■ **What the task asks**: Below are the records. Retype exactly the lines between the lines holding "#59 = DIRECTION" and "#159 = CARTESIAN_POINT", inclusive.
══ Given entries
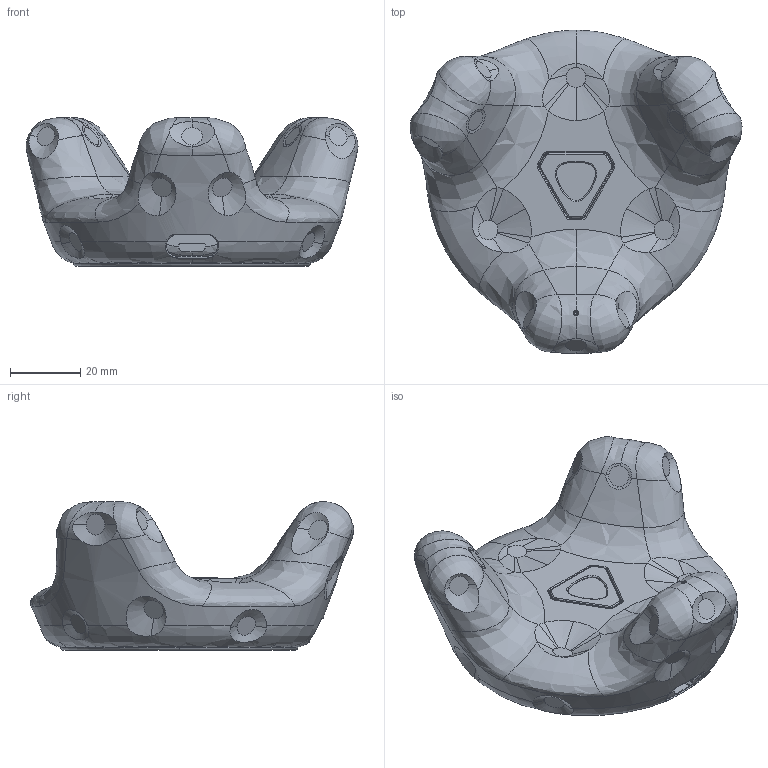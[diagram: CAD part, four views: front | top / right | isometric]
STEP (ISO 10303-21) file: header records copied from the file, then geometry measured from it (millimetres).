
FILE_DESCRIPTION(('Creo Elements/Direct Modeling STEP Export'),'2;1');
FILE_NAME('TRACKER-3D.stp','2016-10-25T13:17:31',(''),(''),'PTC Creo Elements/Direct Modeling STEP processor for AP214 (Solid Model)','PTC Creo Elements/Direct Modeling 19.0E 27-Jun-2016 (C) Parametric Technology GmbH','');
FILE_SCHEMA(('AUTOMOTIVE_DESIGN { 1 0 10303 214 1 1 1 1 }'));
Length unit declared in the file: millimetre
Products named in the file (1): Tracker_3D
Bounding box: 94.51 x 92.12 x 42.3 mm (x, y, z)
Volume: 133135.1 mm3; surface area: 20666.6 mm2
Topology: 1 solids, 2 shells, 511 faces, 1308 edges, 797 vertices
Faces by surface type: bspline 172, plane 115, cylinder 106, cone 66, torus 29, sphere 14, extrusion 9
Entity records: 38095 total; most frequent: CARTESIAN_POINT 23387, ORIENTED_EDGE 2562, DIRECTION 1820, EDGE_CURVE 1281, VERTEX_POINT 797, AXIS2_PLACEMENT_3D 694, EDGE_LOOP 534, FACE_OUTER_BOUND 511
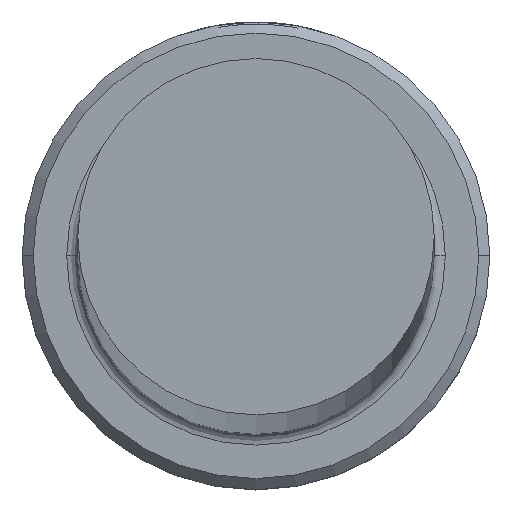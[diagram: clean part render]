
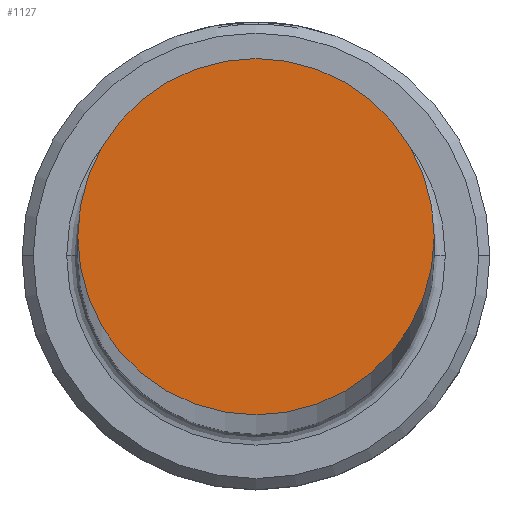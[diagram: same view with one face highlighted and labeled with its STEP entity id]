
A CAD part, top view. The second image highlights one B-rep face of the part: STEP entity #1127.
In plain terms, the highlighted planar face has unit normal (0, 0, 1).
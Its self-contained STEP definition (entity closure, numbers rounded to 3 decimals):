
#26 = PLANE ( 'NONE',  #298 ) ;
#59 = DIRECTION ( 'NONE',  ( 1., 0., 0. ) ) ;
#71 = DIRECTION ( 'NONE',  ( 0., 0., 1. ) ) ;
#123 = CARTESIAN_POINT ( 'NONE',  ( 0., 0., 500. ) ) ;
#133 = DIRECTION ( 'NONE',  ( 0., 0., 1. ) ) ;
#159 = CARTESIAN_POINT ( 'NONE',  ( 8., 0., 500. ) ) ;
#175 = DIRECTION ( 'NONE',  ( 1., 0., 0. ) ) ;
#218 = CIRCLE ( 'NONE', #709, 8. ) ;
#235 = EDGE_CURVE ( 'NONE', #872, #915, #218, .T. ) ;
#259 = CARTESIAN_POINT ( 'NONE',  ( 0., 0., 500. ) ) ;
#298 = AXIS2_PLACEMENT_3D ( 'NONE', #778, #133, #786 ) ;
#387 = EDGE_LOOP ( 'NONE', ( #787, #1079 ) ) ;
#551 = CIRCLE ( 'NONE', #746, 8. ) ;
#600 = EDGE_CURVE ( 'NONE', #915, #872, #551, .T. ) ;
#665 = FACE_OUTER_BOUND ( 'NONE', #387, .T. ) ;
#709 = AXIS2_PLACEMENT_3D ( 'NONE', #123, #71, #59 ) ;
#746 = AXIS2_PLACEMENT_3D ( 'NONE', #259, #1181, #175 ) ;
#778 = CARTESIAN_POINT ( 'NONE',  ( 0., 0., 500. ) ) ;
#786 = DIRECTION ( 'NONE',  ( 1., 0., 0. ) ) ;
#787 = ORIENTED_EDGE ( 'NONE', *, *, #600, .T. ) ;
#872 = VERTEX_POINT ( 'NONE', #159 ) ;
#915 = VERTEX_POINT ( 'NONE', #993 ) ;
#993 = CARTESIAN_POINT ( 'NONE',  ( -8., 0., 500. ) ) ;
#1079 = ORIENTED_EDGE ( 'NONE', *, *, #235, .T. ) ;
#1127 = ADVANCED_FACE ( 'NONE', ( #665 ), #26, .T. ) ;
#1181 = DIRECTION ( 'NONE',  ( 0., 0., 1. ) ) ;
════
■ **Response below**:
#59 = DIRECTION ( 'NONE',  ( 1., 0., 0. ) ) ;
#71 = DIRECTION ( 'NONE',  ( 0., 0., 1. ) ) ;
#123 = CARTESIAN_POINT ( 'NONE',  ( 0., 0., 500. ) ) ;
#133 = DIRECTION ( 'NONE',  ( 0., 0., 1. ) ) ;
#159 = CARTESIAN_POINT ( 'NONE',  ( 8., 0., 500. ) ) ;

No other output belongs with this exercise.